What the Copyright Ruling Means
July 27, 2010 - 2:17pm

A new ruling from the United States Copyright Office that is making the rounds in higher education and blogosphere circles has a simple core meaning: fair use now applies to section 1200 of the DMCA, the anti-circumvention provision.

As far back as Princeton's Edward Felton's challenge to content owners from the computer science and engineering perspective and Berkeley's Pamela Samuelson from the legal arena, this question has remained open. Early to identify the issue and its potential deleterious effects that this unanswered question had on innovation and science, these academic leaders were soon supported by William Fisher, John Palfrey and William McGreveran. In a white paper they and others at the Berkman Center published in 2006,The Digital Learning Challenge, they specifically spoke to the effects that the absence of a clear ruling on this question was having on teaching and learning: for fear of violating copyright many film instructors, professors in other areas and students restricted their use of materials they believed to be in the service of fulfilling teaching missions.

The question, essentially, was: did the breaking of encryption on a DVD for a fair use of the content violate copyright law?

The answer is now "no." And that answer is a very good thing for higher education. With the uncertainty lifted, film studies professors -- or any instructors or students who wish to use encrypted digital materials -- may now do so without fear of litigation, so long as fair use covers the content.

That fair use of the content is still in play may delight or concern some people, depending on how one perceives fair use in higher education particularly or in American culture generally. For most of us, fair use remains an ambiguous legal principle critical to academia, especially as content owners have become more possessive extending term limits or threatening litigation for alleged copyright violations. Technology, of course, has disrupted laws and social norms more or less in balance as of middle of the last century.

Given the thoroughly integrated nature of technology in contemporary global education, the question of what is permissible use of copyright protected materials is a very critical one indeed. Moreover, because higher education is both a producer and consumer of content, it stands at the crossroads of an increasingly thorny issue in a global economy driven by the very matter of our enterprise: information.

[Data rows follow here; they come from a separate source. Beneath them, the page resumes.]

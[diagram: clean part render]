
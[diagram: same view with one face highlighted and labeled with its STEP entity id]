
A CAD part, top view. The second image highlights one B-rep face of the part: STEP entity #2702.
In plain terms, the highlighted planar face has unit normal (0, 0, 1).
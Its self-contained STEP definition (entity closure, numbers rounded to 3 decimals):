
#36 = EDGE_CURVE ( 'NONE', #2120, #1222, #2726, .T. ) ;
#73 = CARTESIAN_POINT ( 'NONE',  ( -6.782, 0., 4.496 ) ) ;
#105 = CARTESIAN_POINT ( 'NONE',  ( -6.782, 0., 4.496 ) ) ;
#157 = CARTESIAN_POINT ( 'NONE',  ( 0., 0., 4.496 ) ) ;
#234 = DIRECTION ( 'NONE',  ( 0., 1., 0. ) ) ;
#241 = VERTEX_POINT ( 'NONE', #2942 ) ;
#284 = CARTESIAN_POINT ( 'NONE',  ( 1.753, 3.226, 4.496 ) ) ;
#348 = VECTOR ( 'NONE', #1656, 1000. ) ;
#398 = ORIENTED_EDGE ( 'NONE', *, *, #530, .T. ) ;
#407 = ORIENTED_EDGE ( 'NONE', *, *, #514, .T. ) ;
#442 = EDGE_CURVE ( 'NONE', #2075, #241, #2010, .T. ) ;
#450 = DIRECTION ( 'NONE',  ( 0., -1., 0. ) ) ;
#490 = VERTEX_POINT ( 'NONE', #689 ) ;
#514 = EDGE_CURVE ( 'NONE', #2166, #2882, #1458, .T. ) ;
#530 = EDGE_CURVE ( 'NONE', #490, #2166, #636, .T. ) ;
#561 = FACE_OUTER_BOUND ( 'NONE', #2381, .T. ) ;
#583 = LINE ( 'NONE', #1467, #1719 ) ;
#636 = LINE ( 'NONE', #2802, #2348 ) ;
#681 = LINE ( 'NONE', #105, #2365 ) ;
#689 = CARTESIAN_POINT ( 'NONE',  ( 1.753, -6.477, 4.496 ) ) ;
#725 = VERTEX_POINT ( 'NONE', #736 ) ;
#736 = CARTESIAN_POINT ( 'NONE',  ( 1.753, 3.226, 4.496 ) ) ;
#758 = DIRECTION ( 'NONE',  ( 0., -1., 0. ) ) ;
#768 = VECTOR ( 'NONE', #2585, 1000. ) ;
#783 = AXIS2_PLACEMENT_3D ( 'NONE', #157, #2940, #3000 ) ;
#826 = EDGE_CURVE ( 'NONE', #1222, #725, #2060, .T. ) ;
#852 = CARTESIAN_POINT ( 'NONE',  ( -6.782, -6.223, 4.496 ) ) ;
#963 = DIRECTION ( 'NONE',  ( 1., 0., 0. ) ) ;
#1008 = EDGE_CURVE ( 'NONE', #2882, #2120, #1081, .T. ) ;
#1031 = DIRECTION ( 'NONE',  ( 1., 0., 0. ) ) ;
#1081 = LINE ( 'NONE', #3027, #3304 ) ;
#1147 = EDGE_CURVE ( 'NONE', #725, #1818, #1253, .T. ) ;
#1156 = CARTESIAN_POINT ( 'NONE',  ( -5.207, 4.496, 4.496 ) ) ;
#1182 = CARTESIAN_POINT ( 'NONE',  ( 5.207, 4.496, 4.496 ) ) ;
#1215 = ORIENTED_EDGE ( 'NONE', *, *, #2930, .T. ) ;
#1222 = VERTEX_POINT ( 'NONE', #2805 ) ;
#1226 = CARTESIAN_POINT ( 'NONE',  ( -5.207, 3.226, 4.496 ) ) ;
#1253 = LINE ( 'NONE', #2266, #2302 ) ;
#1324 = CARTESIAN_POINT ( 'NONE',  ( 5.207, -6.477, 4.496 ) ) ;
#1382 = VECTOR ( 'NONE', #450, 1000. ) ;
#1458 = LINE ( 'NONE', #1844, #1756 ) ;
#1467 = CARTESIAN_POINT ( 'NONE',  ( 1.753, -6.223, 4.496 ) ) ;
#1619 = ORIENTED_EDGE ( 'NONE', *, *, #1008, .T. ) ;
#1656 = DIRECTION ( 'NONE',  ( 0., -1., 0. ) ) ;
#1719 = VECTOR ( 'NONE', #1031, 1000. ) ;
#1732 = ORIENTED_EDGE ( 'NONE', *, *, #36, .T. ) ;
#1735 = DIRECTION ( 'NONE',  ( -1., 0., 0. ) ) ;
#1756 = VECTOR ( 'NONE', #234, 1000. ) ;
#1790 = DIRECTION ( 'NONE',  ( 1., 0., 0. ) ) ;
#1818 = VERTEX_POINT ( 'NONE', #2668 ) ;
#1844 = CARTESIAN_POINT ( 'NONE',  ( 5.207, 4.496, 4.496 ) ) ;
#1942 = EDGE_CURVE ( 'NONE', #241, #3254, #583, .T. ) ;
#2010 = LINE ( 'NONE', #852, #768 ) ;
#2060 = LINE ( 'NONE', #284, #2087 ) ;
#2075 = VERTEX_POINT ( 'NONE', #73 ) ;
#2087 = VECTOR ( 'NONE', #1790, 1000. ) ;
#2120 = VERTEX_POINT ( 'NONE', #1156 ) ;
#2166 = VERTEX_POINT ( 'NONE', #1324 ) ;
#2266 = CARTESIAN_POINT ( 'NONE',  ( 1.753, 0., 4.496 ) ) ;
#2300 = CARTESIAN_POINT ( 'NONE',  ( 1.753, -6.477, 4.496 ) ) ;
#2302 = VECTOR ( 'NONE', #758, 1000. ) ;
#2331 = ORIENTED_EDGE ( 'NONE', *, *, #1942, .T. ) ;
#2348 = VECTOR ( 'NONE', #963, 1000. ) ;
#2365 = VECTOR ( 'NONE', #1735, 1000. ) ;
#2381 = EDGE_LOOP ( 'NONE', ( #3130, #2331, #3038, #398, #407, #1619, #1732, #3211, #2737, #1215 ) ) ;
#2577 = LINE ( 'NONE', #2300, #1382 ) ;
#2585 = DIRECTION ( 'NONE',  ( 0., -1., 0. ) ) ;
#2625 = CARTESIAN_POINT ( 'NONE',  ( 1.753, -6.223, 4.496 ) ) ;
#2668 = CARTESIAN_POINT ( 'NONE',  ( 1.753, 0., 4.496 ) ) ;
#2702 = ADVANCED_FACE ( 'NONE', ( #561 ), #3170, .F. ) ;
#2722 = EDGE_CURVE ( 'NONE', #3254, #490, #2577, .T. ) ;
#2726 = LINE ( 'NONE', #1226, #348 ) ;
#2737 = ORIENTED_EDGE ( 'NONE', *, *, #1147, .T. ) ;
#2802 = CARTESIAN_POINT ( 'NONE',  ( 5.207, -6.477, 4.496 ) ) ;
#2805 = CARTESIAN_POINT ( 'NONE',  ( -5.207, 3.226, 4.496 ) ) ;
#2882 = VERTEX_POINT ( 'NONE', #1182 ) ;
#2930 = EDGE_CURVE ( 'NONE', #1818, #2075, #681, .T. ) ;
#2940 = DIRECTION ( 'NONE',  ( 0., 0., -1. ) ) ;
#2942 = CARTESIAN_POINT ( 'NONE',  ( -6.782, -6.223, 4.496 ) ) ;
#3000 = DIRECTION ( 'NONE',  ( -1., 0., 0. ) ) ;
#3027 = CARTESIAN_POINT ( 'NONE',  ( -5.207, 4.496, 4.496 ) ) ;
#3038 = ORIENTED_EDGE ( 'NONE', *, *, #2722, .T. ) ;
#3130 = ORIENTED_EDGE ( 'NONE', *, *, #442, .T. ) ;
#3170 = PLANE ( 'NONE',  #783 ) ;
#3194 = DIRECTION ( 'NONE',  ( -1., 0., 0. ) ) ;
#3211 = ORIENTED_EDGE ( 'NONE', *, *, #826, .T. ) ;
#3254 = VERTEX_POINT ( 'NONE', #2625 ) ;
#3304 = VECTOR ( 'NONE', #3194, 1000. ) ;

One might suggest that for those very reasons higher education act as a leader in helping American and global society discuss and debate this issue for finer resolution in all four of the areas that influence our lives: technology, the market, social norms and the law. For some time now many people have rung the bell that a new balance in keeping with our prescient founder's goals of innovation and incentive be achieved among these areas and maintained with an eye specifically on how technology has changed the proverbial game.

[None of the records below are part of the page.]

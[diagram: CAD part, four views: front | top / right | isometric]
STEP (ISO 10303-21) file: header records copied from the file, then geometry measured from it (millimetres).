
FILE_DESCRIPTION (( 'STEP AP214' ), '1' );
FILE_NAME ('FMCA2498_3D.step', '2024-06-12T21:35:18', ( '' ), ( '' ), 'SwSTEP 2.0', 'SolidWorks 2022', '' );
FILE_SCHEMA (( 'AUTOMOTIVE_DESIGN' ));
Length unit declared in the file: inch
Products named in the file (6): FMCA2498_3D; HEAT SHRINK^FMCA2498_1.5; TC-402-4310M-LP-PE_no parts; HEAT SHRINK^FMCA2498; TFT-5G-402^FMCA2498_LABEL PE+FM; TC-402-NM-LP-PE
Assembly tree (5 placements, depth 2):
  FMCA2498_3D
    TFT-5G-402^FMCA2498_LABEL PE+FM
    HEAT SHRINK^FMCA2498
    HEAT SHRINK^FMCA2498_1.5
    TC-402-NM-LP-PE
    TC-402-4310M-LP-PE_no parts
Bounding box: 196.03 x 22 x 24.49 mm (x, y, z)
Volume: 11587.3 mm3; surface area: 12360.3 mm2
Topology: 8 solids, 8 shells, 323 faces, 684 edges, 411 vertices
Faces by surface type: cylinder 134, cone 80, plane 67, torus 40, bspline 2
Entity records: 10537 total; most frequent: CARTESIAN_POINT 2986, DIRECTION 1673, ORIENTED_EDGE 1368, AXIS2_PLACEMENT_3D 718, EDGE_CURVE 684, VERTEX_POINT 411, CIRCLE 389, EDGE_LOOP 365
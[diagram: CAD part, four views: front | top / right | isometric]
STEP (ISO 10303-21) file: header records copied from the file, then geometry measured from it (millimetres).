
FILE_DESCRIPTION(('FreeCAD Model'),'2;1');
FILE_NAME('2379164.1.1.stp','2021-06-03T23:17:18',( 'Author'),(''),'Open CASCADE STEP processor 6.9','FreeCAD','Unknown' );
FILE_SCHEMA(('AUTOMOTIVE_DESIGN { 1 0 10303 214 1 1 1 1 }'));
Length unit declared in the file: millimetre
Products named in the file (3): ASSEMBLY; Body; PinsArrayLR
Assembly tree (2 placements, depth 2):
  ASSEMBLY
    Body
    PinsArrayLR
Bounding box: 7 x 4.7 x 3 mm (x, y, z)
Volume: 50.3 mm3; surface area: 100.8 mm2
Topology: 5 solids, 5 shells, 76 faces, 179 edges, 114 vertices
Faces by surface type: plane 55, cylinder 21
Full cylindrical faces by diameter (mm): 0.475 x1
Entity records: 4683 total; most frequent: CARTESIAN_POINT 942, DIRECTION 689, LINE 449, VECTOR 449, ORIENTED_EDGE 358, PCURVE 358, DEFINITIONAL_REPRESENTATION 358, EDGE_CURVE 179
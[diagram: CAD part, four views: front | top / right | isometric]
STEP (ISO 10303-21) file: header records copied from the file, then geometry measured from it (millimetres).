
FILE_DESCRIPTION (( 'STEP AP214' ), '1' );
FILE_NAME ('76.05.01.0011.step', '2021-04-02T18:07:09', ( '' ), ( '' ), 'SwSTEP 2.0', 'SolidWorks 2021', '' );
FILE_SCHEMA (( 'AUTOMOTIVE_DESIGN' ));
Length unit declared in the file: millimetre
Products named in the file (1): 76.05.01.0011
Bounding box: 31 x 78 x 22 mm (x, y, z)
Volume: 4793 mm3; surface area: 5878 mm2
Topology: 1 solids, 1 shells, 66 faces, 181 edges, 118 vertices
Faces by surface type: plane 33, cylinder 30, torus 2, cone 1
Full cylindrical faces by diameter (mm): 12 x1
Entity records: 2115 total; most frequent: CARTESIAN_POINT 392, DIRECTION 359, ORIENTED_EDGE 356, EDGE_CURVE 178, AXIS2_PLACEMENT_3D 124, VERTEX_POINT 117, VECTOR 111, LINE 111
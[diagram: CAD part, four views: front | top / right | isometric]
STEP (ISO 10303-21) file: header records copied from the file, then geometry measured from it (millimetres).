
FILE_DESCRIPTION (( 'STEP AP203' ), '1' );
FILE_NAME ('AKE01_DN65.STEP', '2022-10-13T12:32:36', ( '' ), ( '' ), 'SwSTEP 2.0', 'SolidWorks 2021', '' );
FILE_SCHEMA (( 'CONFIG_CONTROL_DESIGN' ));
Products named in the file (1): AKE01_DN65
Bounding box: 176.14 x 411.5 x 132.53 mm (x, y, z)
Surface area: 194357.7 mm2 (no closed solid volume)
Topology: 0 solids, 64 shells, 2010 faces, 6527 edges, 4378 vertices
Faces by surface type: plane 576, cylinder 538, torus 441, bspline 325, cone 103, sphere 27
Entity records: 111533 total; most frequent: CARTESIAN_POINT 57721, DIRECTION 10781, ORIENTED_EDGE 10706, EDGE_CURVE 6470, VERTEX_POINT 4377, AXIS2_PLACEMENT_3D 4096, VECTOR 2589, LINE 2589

The Copyright Office's ruling advances the ball down the field by a few important yards in a direction that complements academia and supporters of a culturally rich global civilization.

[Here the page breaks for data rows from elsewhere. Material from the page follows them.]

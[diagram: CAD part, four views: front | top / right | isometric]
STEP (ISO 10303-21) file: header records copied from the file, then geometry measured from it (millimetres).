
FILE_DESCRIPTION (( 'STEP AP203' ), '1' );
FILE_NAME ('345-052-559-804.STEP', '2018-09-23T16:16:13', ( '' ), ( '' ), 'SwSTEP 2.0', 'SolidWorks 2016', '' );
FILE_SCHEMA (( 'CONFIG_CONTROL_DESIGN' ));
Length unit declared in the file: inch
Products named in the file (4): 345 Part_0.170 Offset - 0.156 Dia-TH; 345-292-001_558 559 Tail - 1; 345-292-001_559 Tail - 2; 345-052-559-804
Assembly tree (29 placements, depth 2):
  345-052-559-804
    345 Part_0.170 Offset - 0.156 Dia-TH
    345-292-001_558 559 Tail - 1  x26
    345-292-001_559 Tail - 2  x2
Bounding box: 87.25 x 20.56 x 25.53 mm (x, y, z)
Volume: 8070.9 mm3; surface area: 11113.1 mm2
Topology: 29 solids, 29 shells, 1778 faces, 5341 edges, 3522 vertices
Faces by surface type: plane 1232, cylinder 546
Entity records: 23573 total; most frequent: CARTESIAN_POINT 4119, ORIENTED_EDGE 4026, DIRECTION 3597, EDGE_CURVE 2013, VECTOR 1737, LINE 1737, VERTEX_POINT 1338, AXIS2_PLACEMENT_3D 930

While it may not answer the myriad questions that remain about fair use, it at least addresses the basic matter of whether that principle applies to anti-circumvention in a way that allows instructors and students to work without fear to express themselves in creative fashion from remix to classroom instruction.

May higher education's contribution to this decision be the beginning of choice to assume leadership role in helping a global society remain dynamic, inventive and open.